YOUR TASK:
Return the data that follows exactly as it appears. Pictures do not belong in the copy.

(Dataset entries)

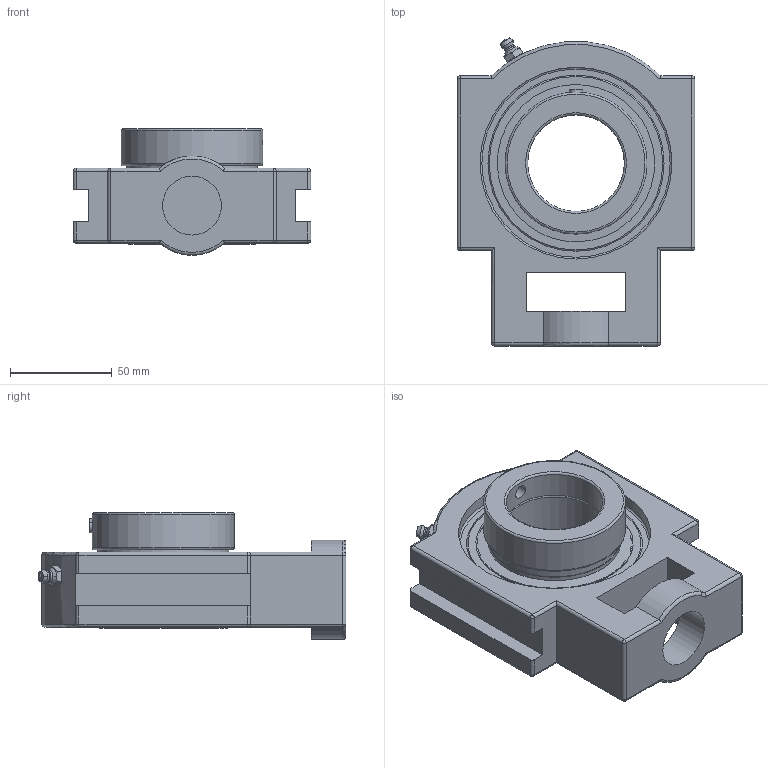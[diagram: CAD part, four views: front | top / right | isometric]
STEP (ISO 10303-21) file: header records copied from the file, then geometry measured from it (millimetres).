
FILE_DESCRIPTION(('HOOPS Exchange Step'),'2;1');
FILE_NAME('export-BAB811F3-C527-45EC-9659-C70D0A6E6E60.stp','2019-12-18T08:22:48-08:00',('ibuslach'),('Alibre'),'HOOPS Exchange 2019.2','Alibre','Unknown authorisation');
FILE_SCHEMA( ('AP242_MANAGED_MODEL_BASED_3D_ENGINEERING_MIM_LF {1 0 10303 442 1 1 4 }') );
Length unit declared in the file: centimetre
Products named in the file (8): MRN ST 210; UCP ZERK 6mm; SNC 210 SHIELD; SNC 210-30 COLLAR; SNC 210-30 RACES; SNC 207 SS; MRN SNC 210-30; MRN SNCT 210-30
Assembly tree (8 placements, depth 3):
  MRN SNCT 210-30
    MRN ST 210
    UCP ZERK 6mm
    MRN SNC 210-30
      SNC 210 SHIELD  x2
      SNC 210-30 COLLAR
      SNC 210-30 RACES
      SNC 207 SS
Bounding box: 117 x 151.68 x 62.39 mm (x, y, z)
Volume: 371149.7 mm3; surface area: 107105.2 mm2
Topology: 8 solids, 8 shells, 200 faces, 518 edges, 316 vertices
Faces by surface type: cylinder 73, plane 62, torus 22, sphere 21, cone 18, bspline 4
Full cylindrical faces by diameter (mm): 2.259 x2, 6 x2, 6.782 x3, 29 x1, 47.625 x2, 59.385 x2, 64.516 x4, 65.278 x2, 69.901 x1, 76.2 x2, 77.47 x2, 94.476 x2
Entity records: 8889 total; most frequent: CARTESIAN_POINT 3952, DIRECTION 1070, ORIENTED_EDGE 958, EDGE_CURVE 479, AXIS2_PLACEMENT_3D 436, VERTEX_POINT 302, CIRCLE 219, EDGE_LOOP 217

ANSWER BOX:
[diagram: CAD part, four views: front | top / right | isometric]
STEP (ISO 10303-21) file: header records copied from the file, then geometry measured from it (millimetres).
FILE_DESCRIPTION(('HOOPS Exchange Step'),'2;1');
FILE_NAME('export-BAB811F3-C527-45EC-9659-C70D0A6E6E60.stp','2019-12-18T08:22:48-08:00',('ibuslach'),('Alibre'),'HOOPS Exchange 2019.2','Alibre','Unknown authorisation');
FILE_SCHEMA( ('AP242_MANAGED_MODEL_BASED_3D_ENGINEERING_MIM_LF {1 0 10303 442 1 1 4 }') );
Length unit declared in the file: centimetre
Products named in the file (8): MRN ST 210; UCP ZERK 6mm; SNC 210 SHIELD; SNC 210-30 COLLAR; SNC 210-30 RACES; SNC 207 SS; MRN SNC 210-30; MRN SNCT 210-30
Assembly tree (8 placements, depth 3):
  MRN SNCT 210-30
    MRN ST 210
    UCP ZERK 6mm
    MRN SNC 210-30
      SNC 210 SHIELD  x2
      SNC 210-30 COLLAR
      SNC 210-30 RACES
      SNC 207 SS
Bounding box: 117 x 151.68 x 62.39 mm (x, y, z)
Volume: 371149.7 mm3; surface area: 107105.2 mm2
Topology: 8 solids, 8 shells, 200 faces, 518 edges, 316 vertices
Faces by surface type: cylinder 73, plane 62, torus 22, sphere 21, cone 18, bspline 4
Full cylindrical faces by diameter (mm): 2.259 x2, 6 x2, 6.782 x3, 29 x1, 47.625 x2, 59.385 x2, 64.516 x4, 65.278 x2, 69.901 x1, 76.2 x2, 77.47 x2, 94.476 x2
Entity records: 8889 total; most frequent: CARTESIAN_POINT 3952, DIRECTION 1070, ORIENTED_EDGE 958, EDGE_CURVE 479, AXIS2_PLACEMENT_3D 436, VERTEX_POINT 302, CIRCLE 219, EDGE_LOOP 217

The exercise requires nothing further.